Canella is een monospecifiek geslacht dat de soort Canella winterana bevat, een boom die inheems is in het Caribisch gebied van de Florida Keys tot Barbados. De schors wordt gebruikt als een specerij die lijkt op kaneel, wat aanleiding geeft tot de algemene namen “kaneelschors”, “wilde kaneel” en “witte kaneel”.
Canella | |
---|---|
Wetenschappelijke classificatie | |
Kingdom: | Plantae |
Clade: | Tracheophytes |
Clade: | Angiospermen |
Clade: | Magnoliiden |
Orde: | Canellales |
Familie: | Canellaceae |
Genus: | Canella P. Browne, 1756 |
Soorten: |
C. winterana
|
Binomiale naam | |
Canella winterana
(L.) Gaertn, 1788
|
|
Synoniemen | |
Canella alba Murray |
Het hout van Canella is zeer zwaar en buitengewoon hard, sterk en dicht generfd, met talrijke dunne, onopvallende medullaire stralen; het is donker roodbruin, en het dikke spint bestaat uit 25 tot 30 lagen jaargroei, lichtbruin of geel van kleur. Het soortelijk gewicht van het absoluut droge hout dat in Florida wordt gekweekt is 0,9893; een kubieke voet van het droge hout weegt 61,65 pond.
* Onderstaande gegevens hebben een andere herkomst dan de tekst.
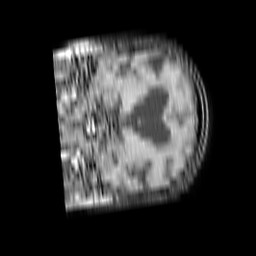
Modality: T1w
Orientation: coronal
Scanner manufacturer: philips
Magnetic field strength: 1.5 T
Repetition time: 0.1889 s
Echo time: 0.001906 s
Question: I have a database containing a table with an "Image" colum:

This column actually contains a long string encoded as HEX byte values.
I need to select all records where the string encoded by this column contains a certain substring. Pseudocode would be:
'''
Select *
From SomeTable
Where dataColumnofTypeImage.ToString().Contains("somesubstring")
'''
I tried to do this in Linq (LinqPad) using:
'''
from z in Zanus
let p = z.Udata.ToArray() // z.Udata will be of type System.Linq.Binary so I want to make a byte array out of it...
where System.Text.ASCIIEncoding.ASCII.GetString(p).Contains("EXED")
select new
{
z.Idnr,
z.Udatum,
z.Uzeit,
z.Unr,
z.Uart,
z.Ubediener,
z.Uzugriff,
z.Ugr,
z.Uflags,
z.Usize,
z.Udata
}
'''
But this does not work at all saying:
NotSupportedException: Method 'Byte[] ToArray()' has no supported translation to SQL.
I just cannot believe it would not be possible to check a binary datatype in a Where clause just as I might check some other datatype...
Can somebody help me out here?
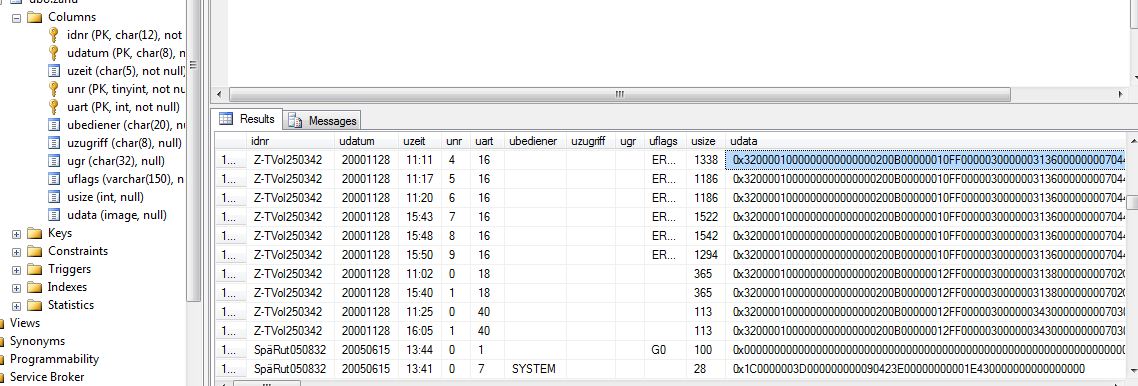
Answer: The only way I know of doing this is to use direct sql and the Substring
For example, something like :
'''
string str1 = @"
select
Idnr,
Udatum,
Uzeit,
Unr,
Uart,
Ubediener,
Uzugriff,
Ugr,
Uflags,
Usize,
Udata
from Zanus
where Udata is not null
and SubString(Udata, 1 , <PHONE>) like '%EXED%'" ;
var query1 = this.ExecuteQuery<Zanus>(str1);
(from z in query1
select new
{
z.Idnr,
z.Udatum,
z.Uzeit,
z.Unr,
z.Uart,
z.Ubediener,
z.Uzugriff,
z.Ugr,
z.Uflags,
z.Usize,
z.Udata
}
'''
Note, this will fail if the search string is in a column, but not in the first 2,147,483,647 bytes (but if these are images, I don't think that should be a concern).
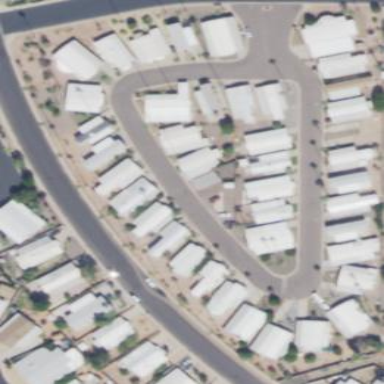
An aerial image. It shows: Mobile residential area.
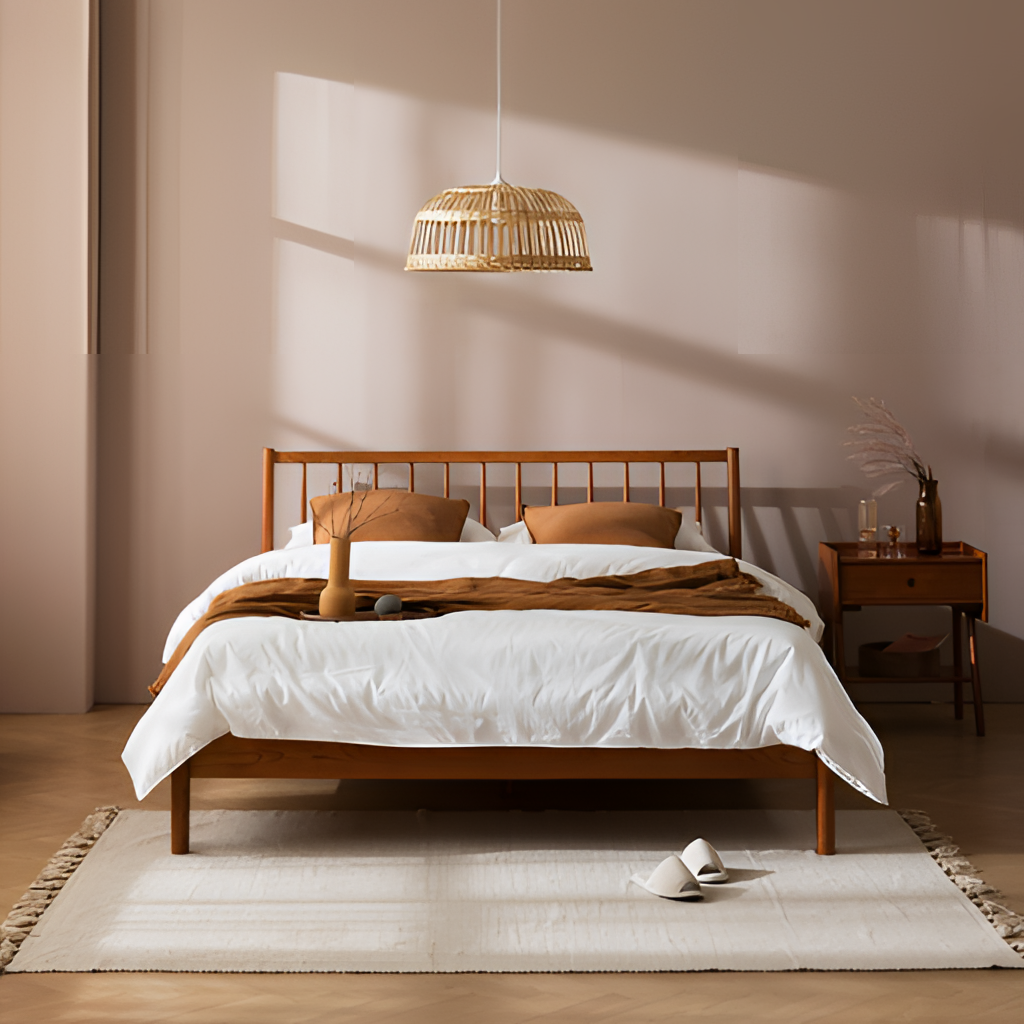
bedroom, brown wood bed, paint wallpaper, with solid pattern, brown wood flooring, with herringbone pattern, minimalist
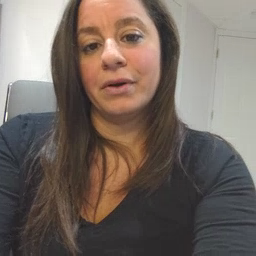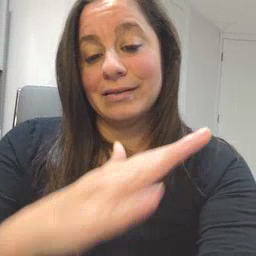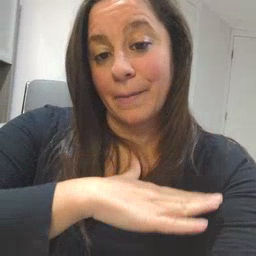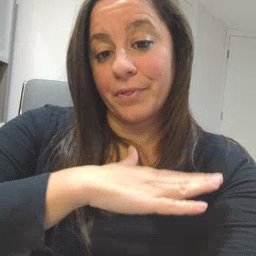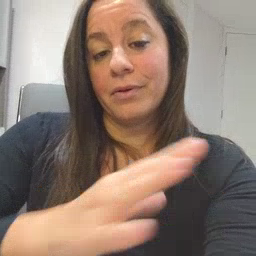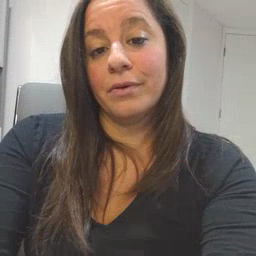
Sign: table
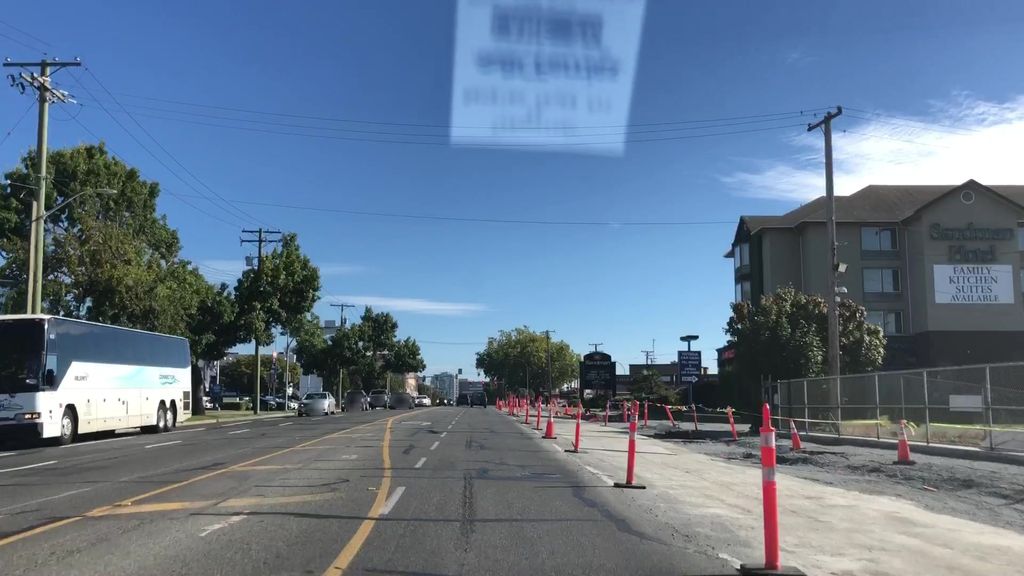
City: victoria
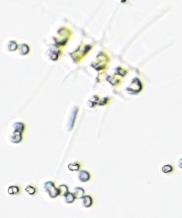
Label: Phaeocystis

Canella bereikt in Florida een hoogte van 25 tot 30 voet, met een rechte stam van acht tot 10 duim in diameter. Op de bergen van Jamaica wordt gezegd dat hij soms wel 50 voet hoog wordt. De hoofdtakken zijn slank, horizontaal en spreidend, en vormen een compacte, rondachtige kruin. De lichtgrijze schors van de stam is een achtste van een duim dik, het oppervlak is gebroken in vele korte dikke schubben die zelden meer dan 2-3 in lang zijn, en ongeveer twee keer de dikte van de lichtgele, aromatische binnenste schors. De bladeren zijn eivormig, aan de top rond of lichtjes uitgestulpt en samengetrokken tot een korte, stevige, gegroefde bladsteel; ze zijn 3,5-5,0 in lengte, 1,5-2,0 in breedte, helder diepgroen, en glanzend. De bloemen openen in de herfst, en de vrucht rijpt in maart en april, wanneer ze helder karmozijnrood, zacht en vlezig is, en door veel vogels wordt gegeten.